REQUIREMENT: Although the records contain pictures, only their text should be repeated, exactly as it stands.

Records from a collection
_ _ _ _ _

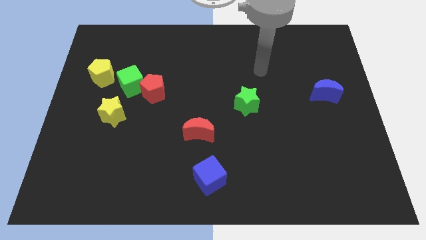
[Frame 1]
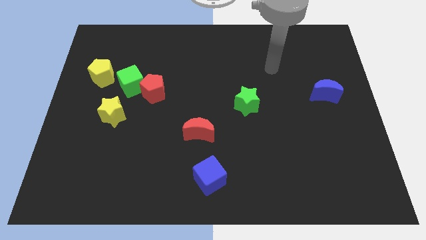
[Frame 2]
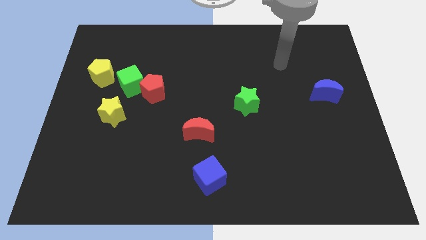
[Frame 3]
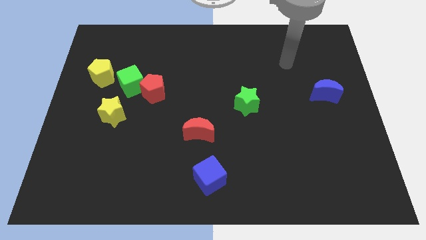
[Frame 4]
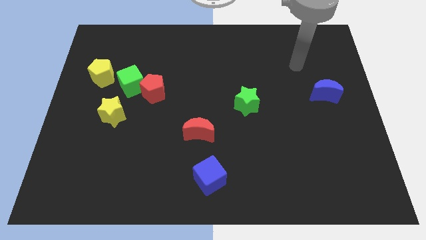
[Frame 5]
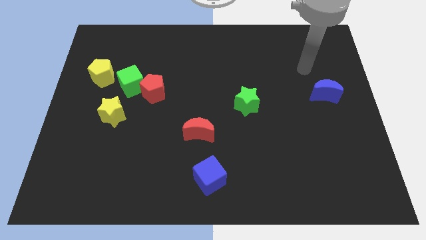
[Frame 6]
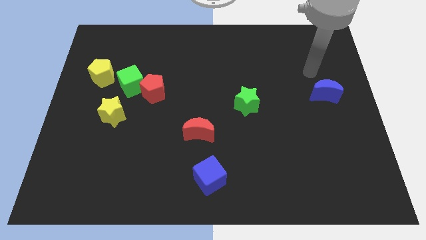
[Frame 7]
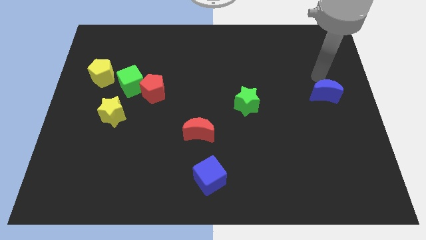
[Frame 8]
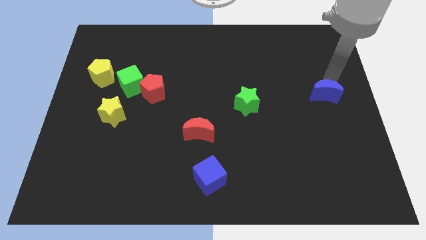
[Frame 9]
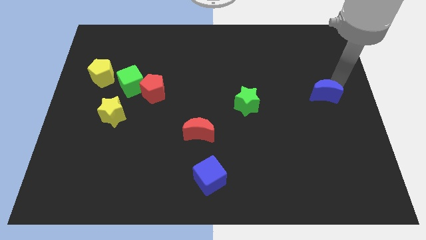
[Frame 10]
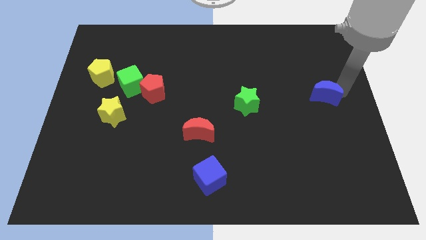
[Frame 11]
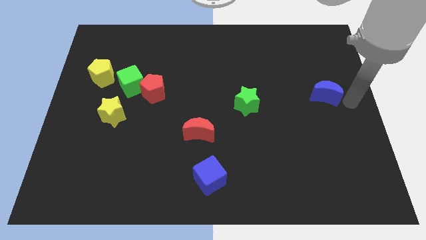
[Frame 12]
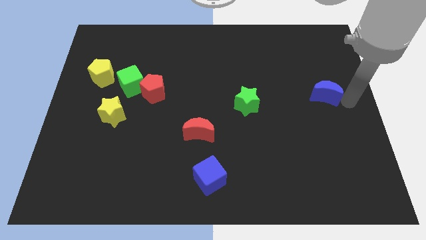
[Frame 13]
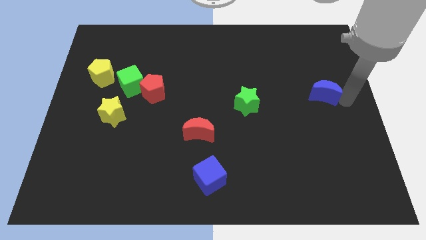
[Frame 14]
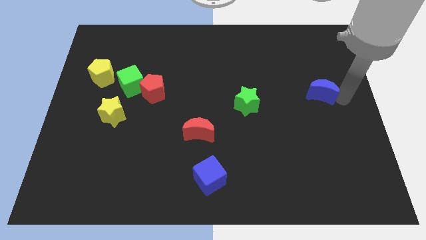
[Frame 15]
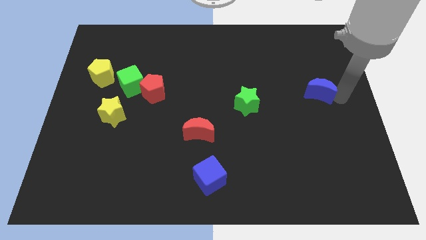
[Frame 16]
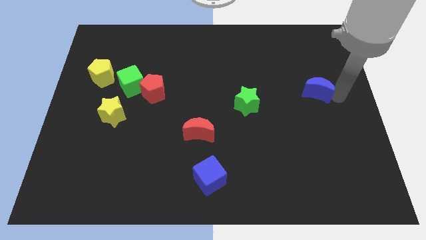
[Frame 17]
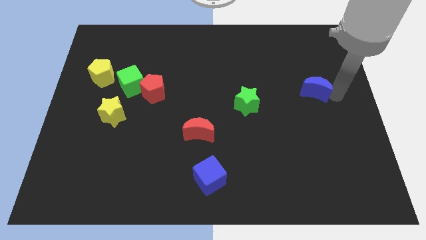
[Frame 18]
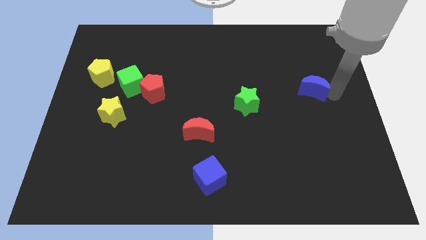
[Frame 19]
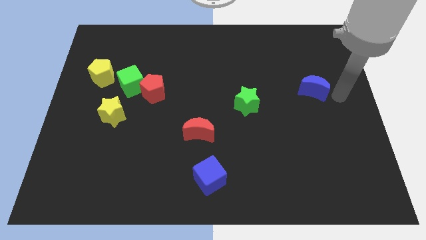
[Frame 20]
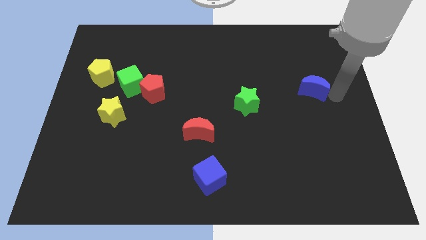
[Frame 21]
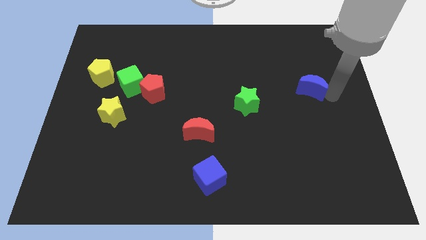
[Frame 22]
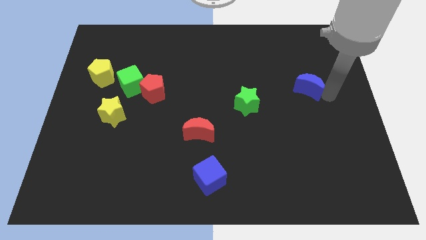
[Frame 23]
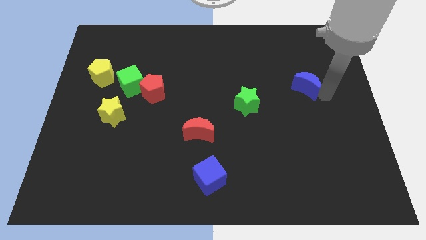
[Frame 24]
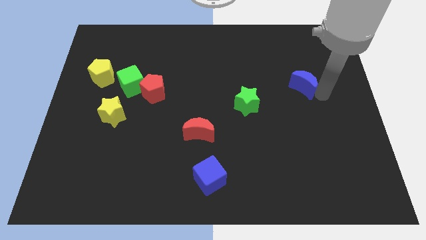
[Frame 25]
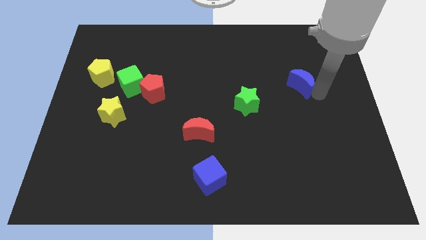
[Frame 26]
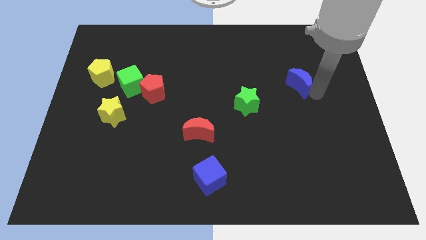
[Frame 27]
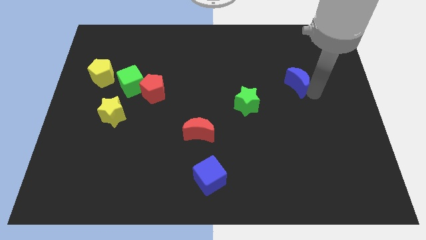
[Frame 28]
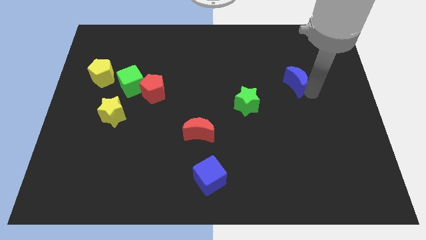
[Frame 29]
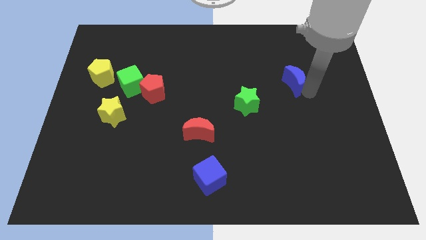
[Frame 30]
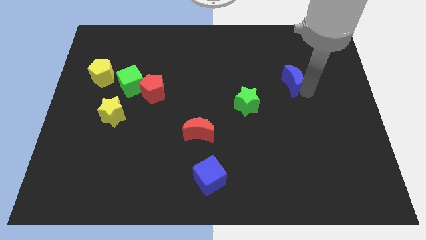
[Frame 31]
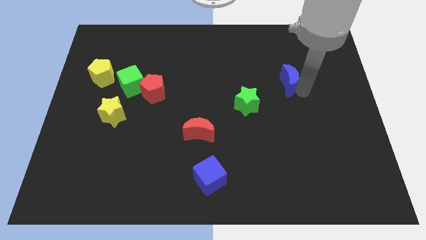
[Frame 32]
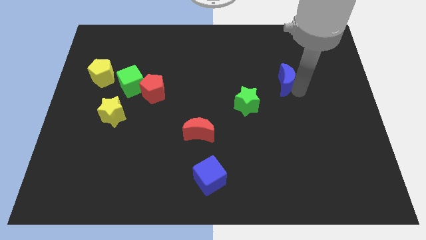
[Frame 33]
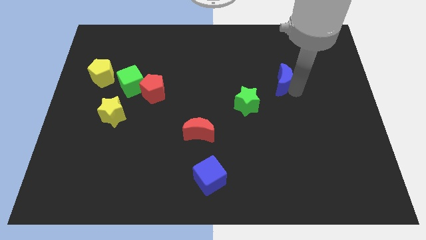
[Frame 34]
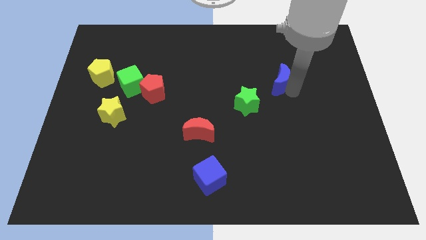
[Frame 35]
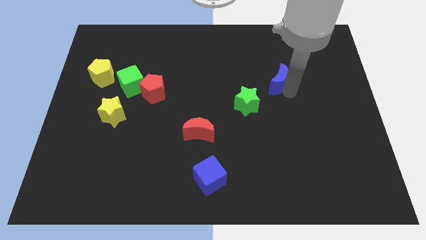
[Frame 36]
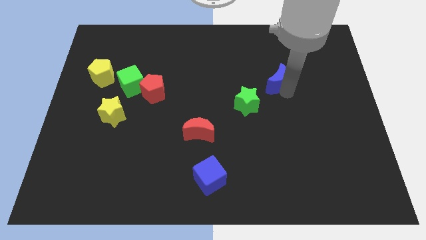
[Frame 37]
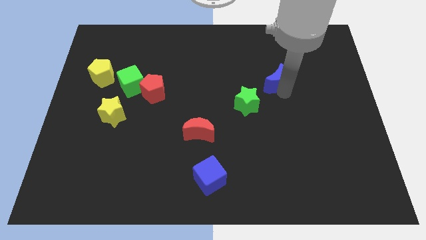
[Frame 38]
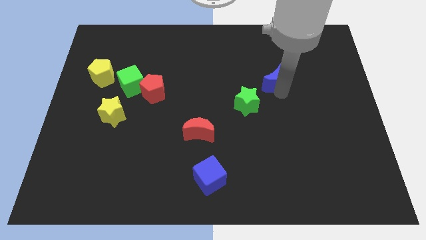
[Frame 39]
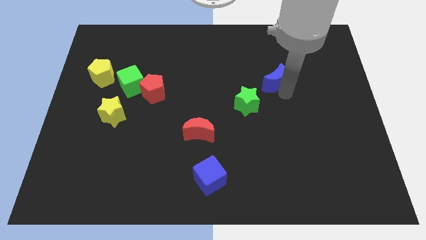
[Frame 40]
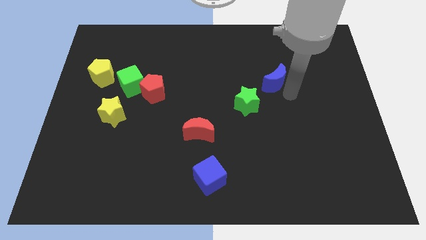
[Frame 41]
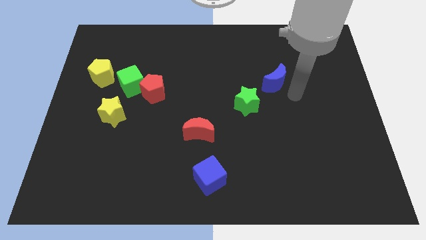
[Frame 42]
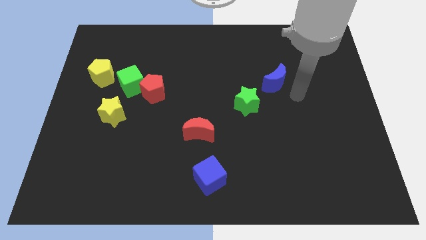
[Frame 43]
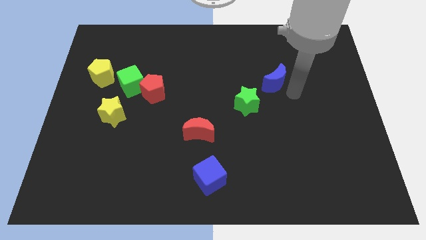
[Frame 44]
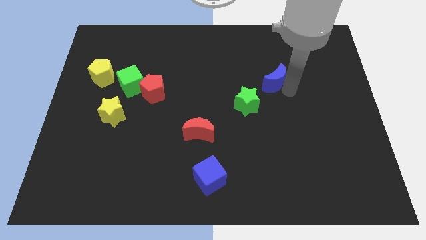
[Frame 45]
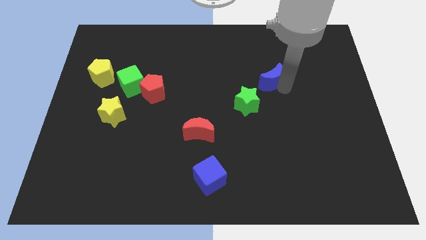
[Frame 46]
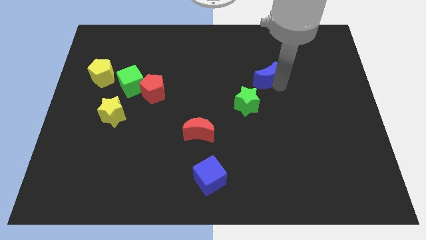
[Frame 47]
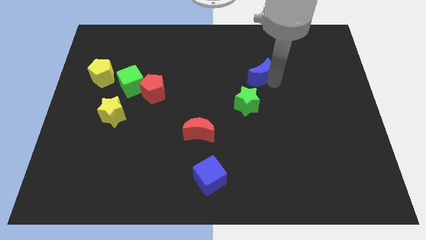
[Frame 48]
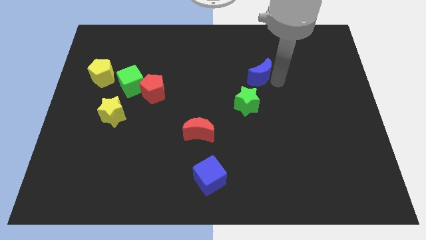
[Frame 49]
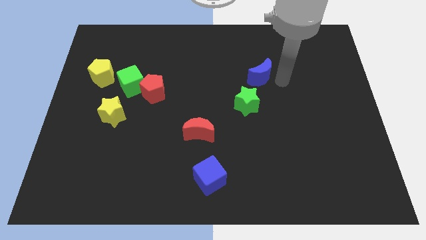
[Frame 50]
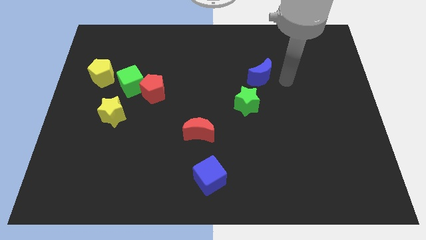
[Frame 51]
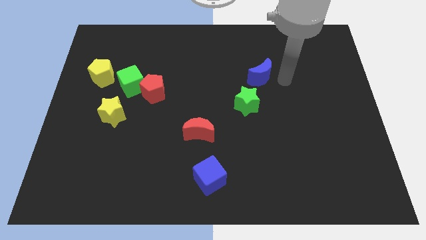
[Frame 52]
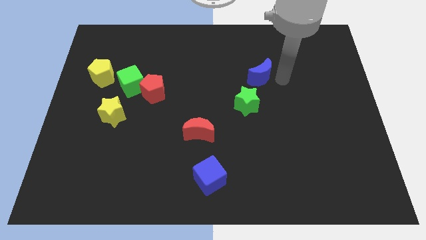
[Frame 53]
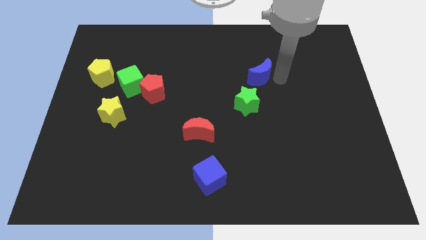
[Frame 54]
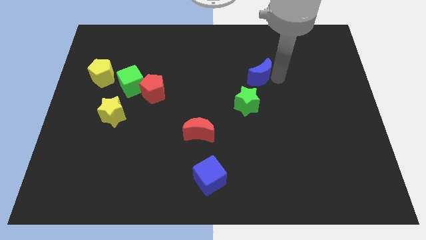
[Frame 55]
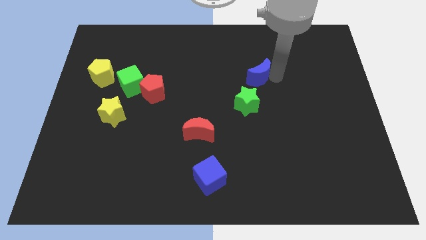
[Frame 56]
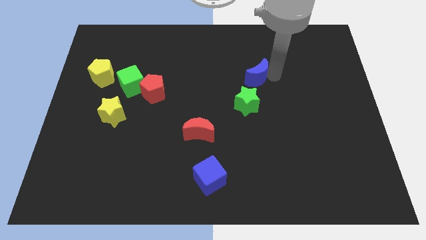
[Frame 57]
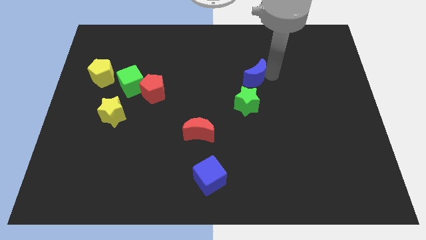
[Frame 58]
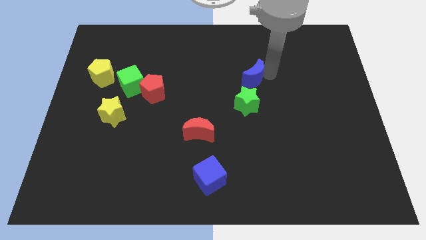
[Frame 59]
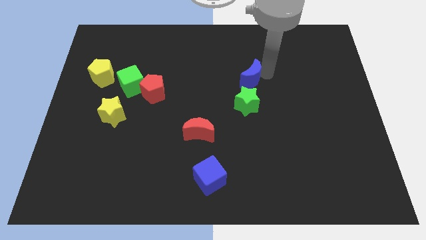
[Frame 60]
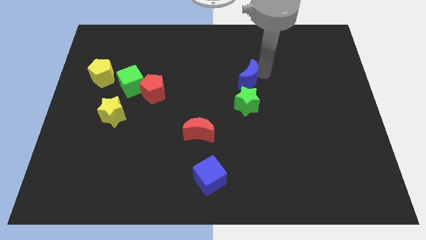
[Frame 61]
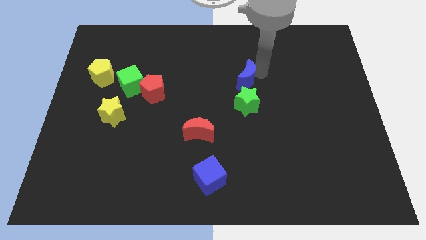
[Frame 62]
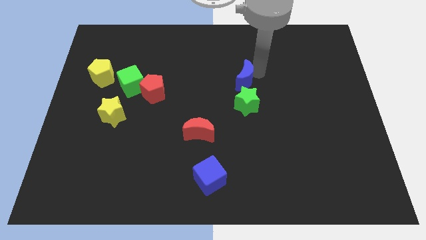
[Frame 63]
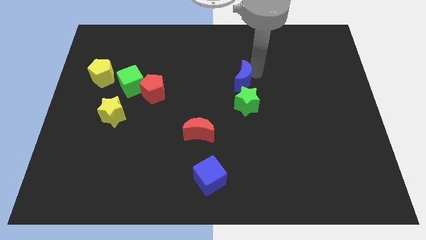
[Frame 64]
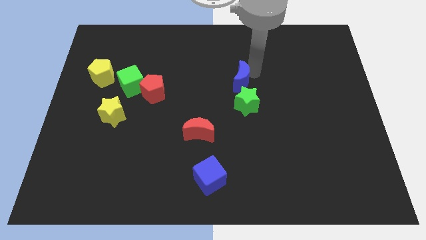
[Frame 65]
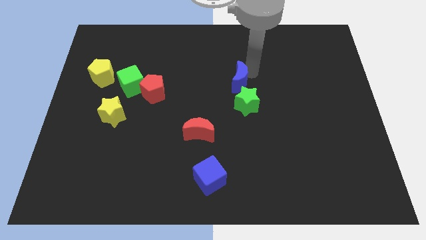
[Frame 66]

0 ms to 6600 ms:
slide the blue moon left

_ _ _ _ _

ANSWER BOX:
[Frame 1]
[Frame 2]
[Frame 3]
[Frame 4]
[Frame 5]
[Frame 6]
[Frame 7]
[Frame 8]
[Frame 9]
[Frame 10]
[Frame 11]
[Frame 12]
[Frame 13]
[Frame 14]
[Frame 15]
[Frame 16]
[Frame 17]
[Frame 18]
[Frame 19]
[Frame 20]
[Frame 21]
[Frame 22]
[Frame 23]
[Frame 24]
[Frame 25]
[Frame 26]
[Frame 27]
[Frame 28]
[Frame 29]
[Frame 30]
[Frame 31]
[Frame 32]
[Frame 33]
[Frame 34]
[Frame 35]
[Frame 36]
[Frame 37]
[Frame 38]
[Frame 39]
[Frame 40]
[Frame 41]
[Frame 42]
[Frame 43]
[Frame 44]
[Frame 45]
[Frame 46]
[Frame 47]
[Frame 48]
[Frame 49]
[Frame 50]
[Frame 51]
[Frame 52]
[Frame 53]
[Frame 54]
[Frame 55]
[Frame 56]
[Frame 57]
[Frame 58]
[Frame 59]
[Frame 60]
[Frame 61]
[Frame 62]
[Frame 63]
[Frame 64]
[Frame 65]
[Frame 66]

0 ms to 6600 ms:
slide the blue moon left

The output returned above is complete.